START Data extracts

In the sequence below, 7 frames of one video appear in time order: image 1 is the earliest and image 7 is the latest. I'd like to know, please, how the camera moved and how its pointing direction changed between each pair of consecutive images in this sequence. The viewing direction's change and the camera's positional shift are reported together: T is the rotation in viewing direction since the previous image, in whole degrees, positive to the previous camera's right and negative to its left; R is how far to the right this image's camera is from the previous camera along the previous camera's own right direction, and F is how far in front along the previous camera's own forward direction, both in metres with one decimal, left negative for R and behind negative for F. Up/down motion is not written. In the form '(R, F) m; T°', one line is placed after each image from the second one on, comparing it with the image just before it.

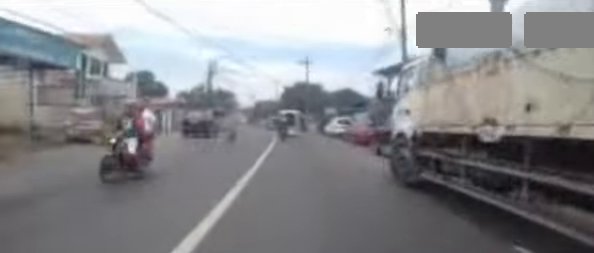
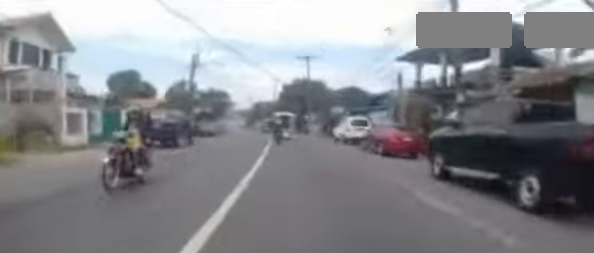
(0.0, +5.9) m; 0°
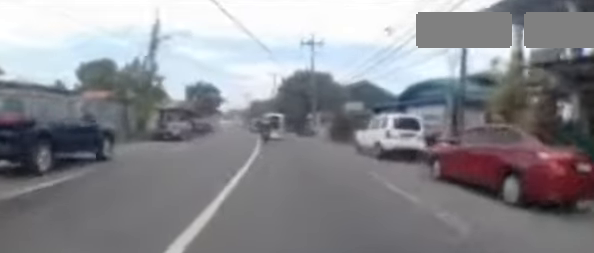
(+0.3, +8.8) m; -1°
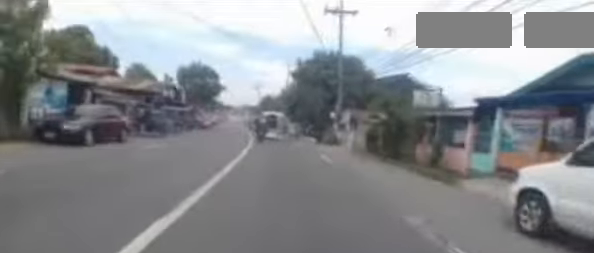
(-0.7, +10.9) m; -5°
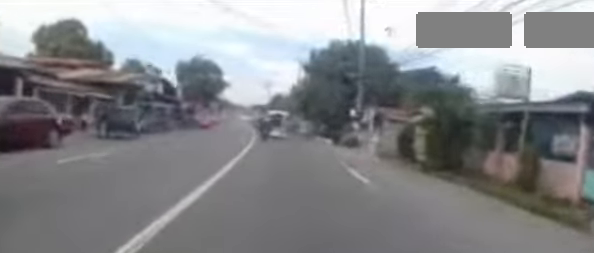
(-0.2, +4.9) m; 0°
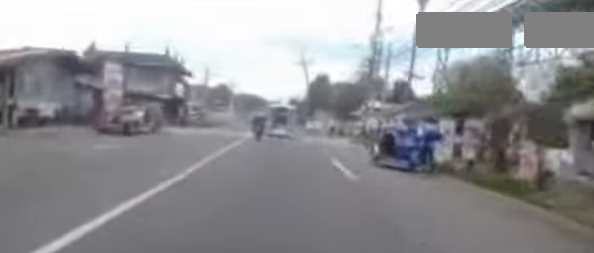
(-2.5, +34.8) m; -7°
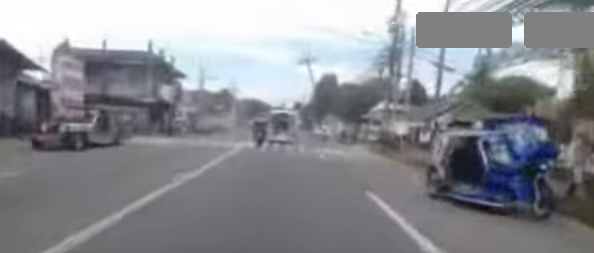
(-0.3, +4.4) m; 0°

END Data extracts

_Activity_.
Retype the lines above exactly, no pictures.

_Task result_.
In the sequence below, 7 frames of one video appear in time order: image 1 is the earliest and image 7 is the latest. I'd like to know, please, how the camera moved and how its pointing direction changed between each pair of consecutive images in this sequence. The viewing direction's change and the camera's positional shift are reported together: T is the rotation in viewing direction since the previous image, in whole degrees, positive to the previous camera's right and negative to its left; R is how far to the right this image's camera is from the previous camera along the previous camera's own right direction, and F is how far in front along the previous camera's own forward direction, both in metres with one decimal, left negative for R and behind negative for F. Up/down motion is not written. In the form '(R, F) m; T°', one line is placed after each image from the second one on, comparing it with the image just before it.

(0.0, +5.9) m; 0°
(+0.3, +8.8) m; -1°
(-0.7, +10.9) m; -5°
(-0.2, +4.9) m; 0°
(-2.5, +34.8) m; -7°
(-0.3, +4.4) m; 0°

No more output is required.